*** Opening of Provided material ***
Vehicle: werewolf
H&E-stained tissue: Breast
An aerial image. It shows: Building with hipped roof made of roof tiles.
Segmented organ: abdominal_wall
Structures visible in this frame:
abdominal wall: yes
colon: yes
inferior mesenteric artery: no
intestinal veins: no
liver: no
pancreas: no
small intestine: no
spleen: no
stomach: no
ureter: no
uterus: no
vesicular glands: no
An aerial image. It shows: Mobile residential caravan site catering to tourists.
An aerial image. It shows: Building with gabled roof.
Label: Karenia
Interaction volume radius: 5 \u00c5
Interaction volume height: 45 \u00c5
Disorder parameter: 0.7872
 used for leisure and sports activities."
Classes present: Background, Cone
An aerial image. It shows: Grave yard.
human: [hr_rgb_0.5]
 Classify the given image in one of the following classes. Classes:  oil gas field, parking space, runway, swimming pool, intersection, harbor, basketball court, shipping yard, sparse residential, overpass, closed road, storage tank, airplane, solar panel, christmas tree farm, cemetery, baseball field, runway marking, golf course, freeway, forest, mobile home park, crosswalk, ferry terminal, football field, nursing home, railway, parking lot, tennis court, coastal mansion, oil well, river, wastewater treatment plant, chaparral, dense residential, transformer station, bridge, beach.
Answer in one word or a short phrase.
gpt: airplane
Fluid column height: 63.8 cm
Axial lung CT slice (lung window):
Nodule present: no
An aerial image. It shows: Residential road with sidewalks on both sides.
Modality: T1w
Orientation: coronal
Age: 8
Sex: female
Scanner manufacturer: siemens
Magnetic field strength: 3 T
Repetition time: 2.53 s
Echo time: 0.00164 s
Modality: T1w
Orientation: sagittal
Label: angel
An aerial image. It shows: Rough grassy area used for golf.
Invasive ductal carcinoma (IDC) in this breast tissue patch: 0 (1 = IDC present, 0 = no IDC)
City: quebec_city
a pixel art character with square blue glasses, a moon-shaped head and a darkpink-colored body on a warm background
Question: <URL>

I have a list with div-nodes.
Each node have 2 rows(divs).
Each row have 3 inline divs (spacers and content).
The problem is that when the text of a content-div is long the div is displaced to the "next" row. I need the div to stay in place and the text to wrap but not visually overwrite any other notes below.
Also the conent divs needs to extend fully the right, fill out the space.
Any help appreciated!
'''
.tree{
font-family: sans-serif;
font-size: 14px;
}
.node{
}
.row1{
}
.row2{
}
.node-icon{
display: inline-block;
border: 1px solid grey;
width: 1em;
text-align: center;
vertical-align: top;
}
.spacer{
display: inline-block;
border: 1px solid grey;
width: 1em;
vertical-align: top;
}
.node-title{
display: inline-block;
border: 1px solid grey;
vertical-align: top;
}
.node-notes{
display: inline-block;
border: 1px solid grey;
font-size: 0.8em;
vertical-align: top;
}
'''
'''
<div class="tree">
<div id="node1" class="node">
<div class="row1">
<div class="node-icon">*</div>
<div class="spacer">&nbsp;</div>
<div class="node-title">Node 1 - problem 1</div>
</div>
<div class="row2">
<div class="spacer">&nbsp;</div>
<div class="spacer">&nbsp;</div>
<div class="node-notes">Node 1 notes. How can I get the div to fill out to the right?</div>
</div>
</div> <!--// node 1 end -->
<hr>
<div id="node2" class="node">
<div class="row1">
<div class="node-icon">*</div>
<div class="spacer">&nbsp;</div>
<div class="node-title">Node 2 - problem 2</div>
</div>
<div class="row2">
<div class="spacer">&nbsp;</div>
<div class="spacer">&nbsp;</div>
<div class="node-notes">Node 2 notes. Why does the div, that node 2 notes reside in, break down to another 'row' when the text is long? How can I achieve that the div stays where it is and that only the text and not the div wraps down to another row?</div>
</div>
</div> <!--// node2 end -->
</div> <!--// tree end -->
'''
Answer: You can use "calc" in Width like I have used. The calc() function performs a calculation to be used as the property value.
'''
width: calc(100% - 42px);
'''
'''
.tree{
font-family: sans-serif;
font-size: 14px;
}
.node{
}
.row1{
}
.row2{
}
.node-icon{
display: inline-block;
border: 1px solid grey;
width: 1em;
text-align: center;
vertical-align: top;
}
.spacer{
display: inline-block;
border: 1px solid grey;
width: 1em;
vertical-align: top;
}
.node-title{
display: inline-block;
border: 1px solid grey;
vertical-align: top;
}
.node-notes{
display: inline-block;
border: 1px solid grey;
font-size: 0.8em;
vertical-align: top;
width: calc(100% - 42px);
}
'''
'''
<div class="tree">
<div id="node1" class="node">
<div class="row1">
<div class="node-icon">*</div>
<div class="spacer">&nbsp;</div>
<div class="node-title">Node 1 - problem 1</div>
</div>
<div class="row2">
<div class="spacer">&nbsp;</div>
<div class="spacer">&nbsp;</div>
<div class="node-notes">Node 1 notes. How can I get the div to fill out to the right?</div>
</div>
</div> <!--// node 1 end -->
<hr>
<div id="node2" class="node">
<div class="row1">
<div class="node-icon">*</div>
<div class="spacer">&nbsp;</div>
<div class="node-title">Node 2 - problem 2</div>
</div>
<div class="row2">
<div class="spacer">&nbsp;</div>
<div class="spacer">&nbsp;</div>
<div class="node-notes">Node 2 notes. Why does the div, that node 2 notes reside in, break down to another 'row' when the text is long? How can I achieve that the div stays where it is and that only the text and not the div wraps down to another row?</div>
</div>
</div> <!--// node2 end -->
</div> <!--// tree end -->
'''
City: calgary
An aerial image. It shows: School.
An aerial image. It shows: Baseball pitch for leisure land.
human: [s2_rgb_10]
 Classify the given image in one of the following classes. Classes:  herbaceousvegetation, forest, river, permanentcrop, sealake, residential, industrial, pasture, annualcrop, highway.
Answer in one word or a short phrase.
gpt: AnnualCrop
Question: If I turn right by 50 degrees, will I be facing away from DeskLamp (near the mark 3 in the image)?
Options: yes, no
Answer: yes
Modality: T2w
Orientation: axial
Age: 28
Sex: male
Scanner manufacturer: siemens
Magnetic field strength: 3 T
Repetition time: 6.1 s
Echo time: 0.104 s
*** Close of Provided material ***
• To do: Reproduce every entry shown above, precisely as it stands.

• Expected output:
Vehicle: werewolf
H&E-stained tissue: Breast
An aerial image. It shows: Building with hipped roof made of roof tiles.
Segmented organ: abdominal_wall
Structures visible in this frame:
abdominal wall: yes
colon: yes
inferior mesenteric artery: no
intestinal veins: no
liver: no
pancreas: no
small intestine: no
spleen: no
stomach: no
ureter: no
uterus: no
vesicular glands: no
An aerial image. It shows: Mobile residential caravan site catering to tourists.
An aerial image. It shows: Building with gabled roof.
Label: Karenia
Interaction volume radius: 5 \u00c5
Interaction volume height: 45 \u00c5
Disorder parameter: 0.7872
 used for leisure and sports activities."
Classes present: Background, Cone
An aerial image. It shows: Grave yard.
human: [hr_rgb_0.5]
 Classify the given image in one of the following classes. Classes:  oil gas field, parking space, runway, swimming pool, intersection, harbor, basketball court, shipping yard, sparse residential, overpass, closed road, storage tank, airplane, solar panel, christmas tree farm, cemetery, baseball field, runway marking, golf course, freeway, forest, mobile home park, crosswalk, ferry terminal, football field, nursing home, railway, parking lot, tennis court, coastal mansion, oil well, river, wastewater treatment plant, chaparral, dense residential, transformer station, bridge, beach.
Answer in one word or a short phrase.
gpt: airplane
Fluid column height: 63.8 cm
Axial lung CT slice (lung window):
Nodule present: no
An aerial image. It shows: Residential road with sidewalks on both sides.
Modality: T1w
Orientation: coronal
Age: 8
Sex: female
Scanner manufacturer: siemens
Magnetic field strength: 3 T
Repetition time: 2.53 s
Echo time: 0.00164 s
Modality: T1w
Orientation: sagittal
Label: angel
An aerial image. It shows: Rough grassy area used for golf.
Invasive ductal carcinoma (IDC) in this breast tissue patch: 0 (1 = IDC present, 0 = no IDC)
City: quebec_city
a pixel art character with square blue glasses, a moon-shaped head and a darkpink-colored body on a warm background
Question: <URL>

I have a list with div-nodes.
Each node have 2 rows(divs).
Each row have 3 inline divs (spacers and content).
The problem is that when the text of a content-div is long the div is displaced to the "next" row. I need the div to stay in place and the text to wrap but not visually overwrite any other notes below.
Also the conent divs needs to extend fully the right, fill out the space.
Any help appreciated!
'''
.tree{
font-family: sans-serif;
font-size: 14px;
}
.node{
}
.row1{
}
.row2{
}
.node-icon{
display: inline-block;
border: 1px solid grey;
width: 1em;
text-align: center;
vertical-align: top;
}
.spacer{
display: inline-block;
border: 1px solid grey;
width: 1em;
vertical-align: top;
}
.node-title{
display: inline-block;
border: 1px solid grey;
vertical-align: top;
}
.node-notes{
display: inline-block;
border: 1px solid grey;
font-size: 0.8em;
vertical-align: top;
}
'''
'''
<div class="tree">
<div id="node1" class="node">
<div class="row1">
<div class="node-icon">*</div>
<div class="spacer">&nbsp;</div>
<div class="node-title">Node 1 - problem 1</div>
</div>
<div class="row2">
<div class="spacer">&nbsp;</div>
<div class="spacer">&nbsp;</div>
<div class="node-notes">Node 1 notes. How can I get the div to fill out to the right?</div>
</div>
</div> <!--// node 1 end -->
<hr>
<div id="node2" class="node">
<div class="row1">
<div class="node-icon">*</div>
<div class="spacer">&nbsp;</div>
<div class="node-title">Node 2 - problem 2</div>
</div>
<div class="row2">
<div class="spacer">&nbsp;</div>
<div class="spacer">&nbsp;</div>
<div class="node-notes">Node 2 notes. Why does the div, that node 2 notes reside in, break down to another 'row' when the text is long? How can I achieve that the div stays where it is and that only the text and not the div wraps down to another row?</div>
</div>
</div> <!--// node2 end -->
</div> <!--// tree end -->
'''
Answer: You can use "calc" in Width like I have used. The calc() function performs a calculation to be used as the property value.
'''
width: calc(100% - 42px);
'''
'''
.tree{
font-family: sans-serif;
font-size: 14px;
}
.node{
}
.row1{
}
.row2{
}
.node-icon{
display: inline-block;
border: 1px solid grey;
width: 1em;
text-align: center;
vertical-align: top;
}
.spacer{
display: inline-block;
border: 1px solid grey;
width: 1em;
vertical-align: top;
}
.node-title{
display: inline-block;
border: 1px solid grey;
vertical-align: top;
}
.node-notes{
display: inline-block;
border: 1px solid grey;
font-size: 0.8em;
vertical-align: top;
width: calc(100% - 42px);
}
'''
'''
<div class="tree">
<div id="node1" class="node">
<div class="row1">
<div class="node-icon">*</div>
<div class="spacer">&nbsp;</div>
<div class="node-title">Node 1 - problem 1</div>
</div>
<div class="row2">
<div class="spacer">&nbsp;</div>
<div class="spacer">&nbsp;</div>
<div class="node-notes">Node 1 notes. How can I get the div to fill out to the right?</div>
</div>
</div> <!--// node 1 end -->
<hr>
<div id="node2" class="node">
<div class="row1">
<div class="node-icon">*</div>
<div class="spacer">&nbsp;</div>
<div class="node-title">Node 2 - problem 2</div>
</div>
<div class="row2">
<div class="spacer">&nbsp;</div>
<div class="spacer">&nbsp;</div>
<div class="node-notes">Node 2 notes. Why does the div, that node 2 notes reside in, break down to another 'row' when the text is long? How can I achieve that the div stays where it is and that only the text and not the div wraps down to another row?</div>
</div>
</div> <!--// node2 end -->
</div> <!--// tree end -->
'''
City: calgary
An aerial image. It shows: School.
An aerial image. It shows: Baseball pitch for leisure land.
human: [s2_rgb_10]
 Classify the given image in one of the following classes. Classes:  herbaceousvegetation, forest, river, permanentcrop, sealake, residential, industrial, pasture, annualcrop, highway.
Answer in one word or a short phrase.
gpt: AnnualCrop
Question: If I turn right by 50 degrees, will I be facing away from DeskLamp (near the mark 3 in the image)?
Options: yes, no
Answer: yes
Modality: T2w
Orientation: axial
Age: 28
Sex: male
Scanner manufacturer: siemens
Magnetic field strength: 3 T
Repetition time: 6.1 s
Echo time: 0.104 s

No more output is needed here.